_SOURCE MATERIAL_
[Start of Attachment]

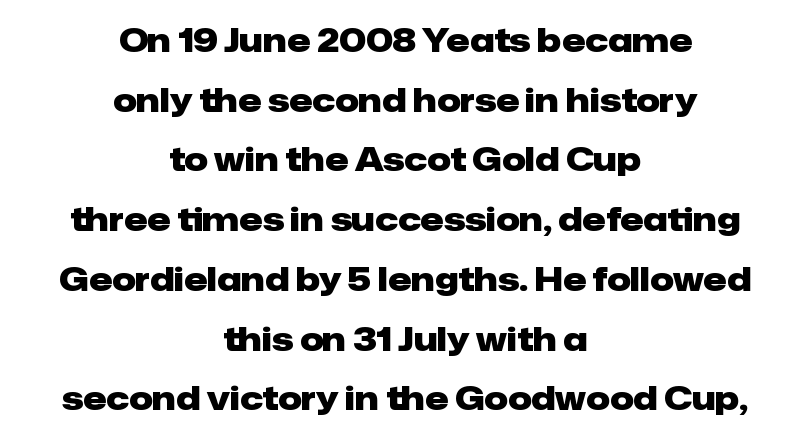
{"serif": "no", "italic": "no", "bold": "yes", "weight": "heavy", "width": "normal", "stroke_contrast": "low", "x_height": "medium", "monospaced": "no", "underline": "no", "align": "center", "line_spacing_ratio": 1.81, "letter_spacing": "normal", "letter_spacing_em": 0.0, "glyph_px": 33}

[End of Attachment]
[Start of Attachment]

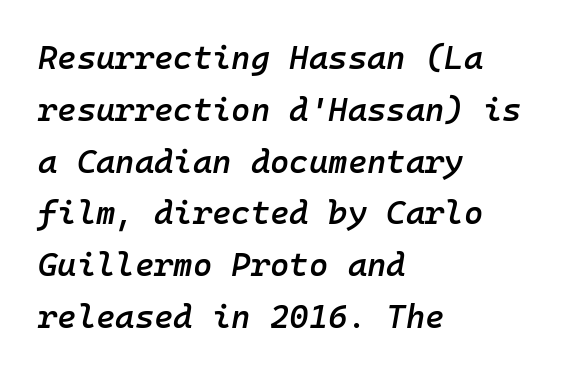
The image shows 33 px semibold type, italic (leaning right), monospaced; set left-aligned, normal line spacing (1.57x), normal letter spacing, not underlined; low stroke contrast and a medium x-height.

[End of Attachment]
[Start of Attachment]

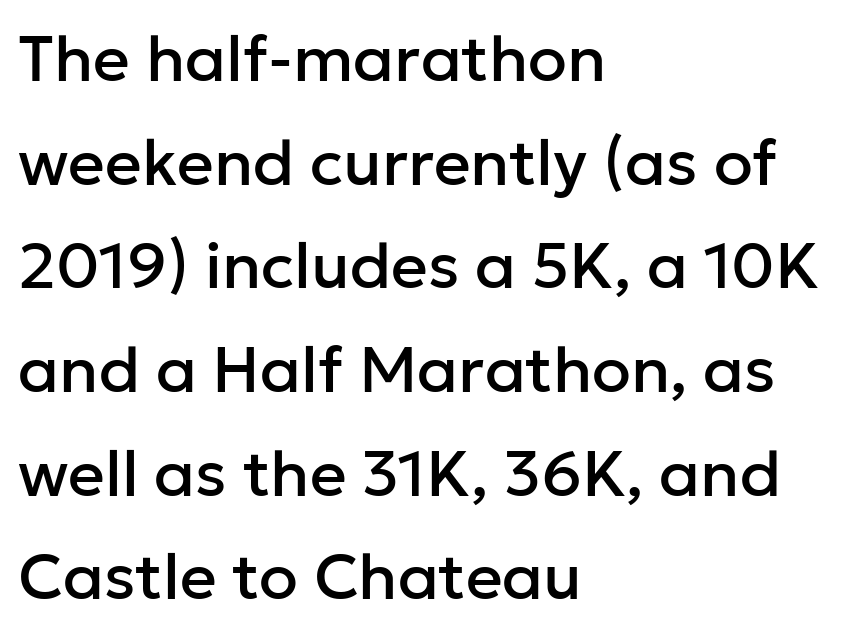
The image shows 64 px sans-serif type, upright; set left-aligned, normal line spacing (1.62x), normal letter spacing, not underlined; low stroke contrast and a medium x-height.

[End of Attachment]

_WHAT IS REQUIRED_
Show all lines from the data above in which the word "italic" appears.

_SOLVED EXERCISE_
{"serif": "no", "italic": "no", "bold": "yes", "weight": "heavy", "width": "normal", "stroke_contrast": "low", "x_height": "medium", "monospaced": "no", "underline": "no", "align": "center", "line_spacing_ratio": 1.81, "letter_spacing": "normal", "letter_spacing_em": 0.0, "glyph_px": 33}
The image shows 33 px semibold type, italic (leaning right), monospaced; set left-aligned, normal line spacing (1.57x), normal letter spacing, not underlined; low stroke contrast and a medium x-height.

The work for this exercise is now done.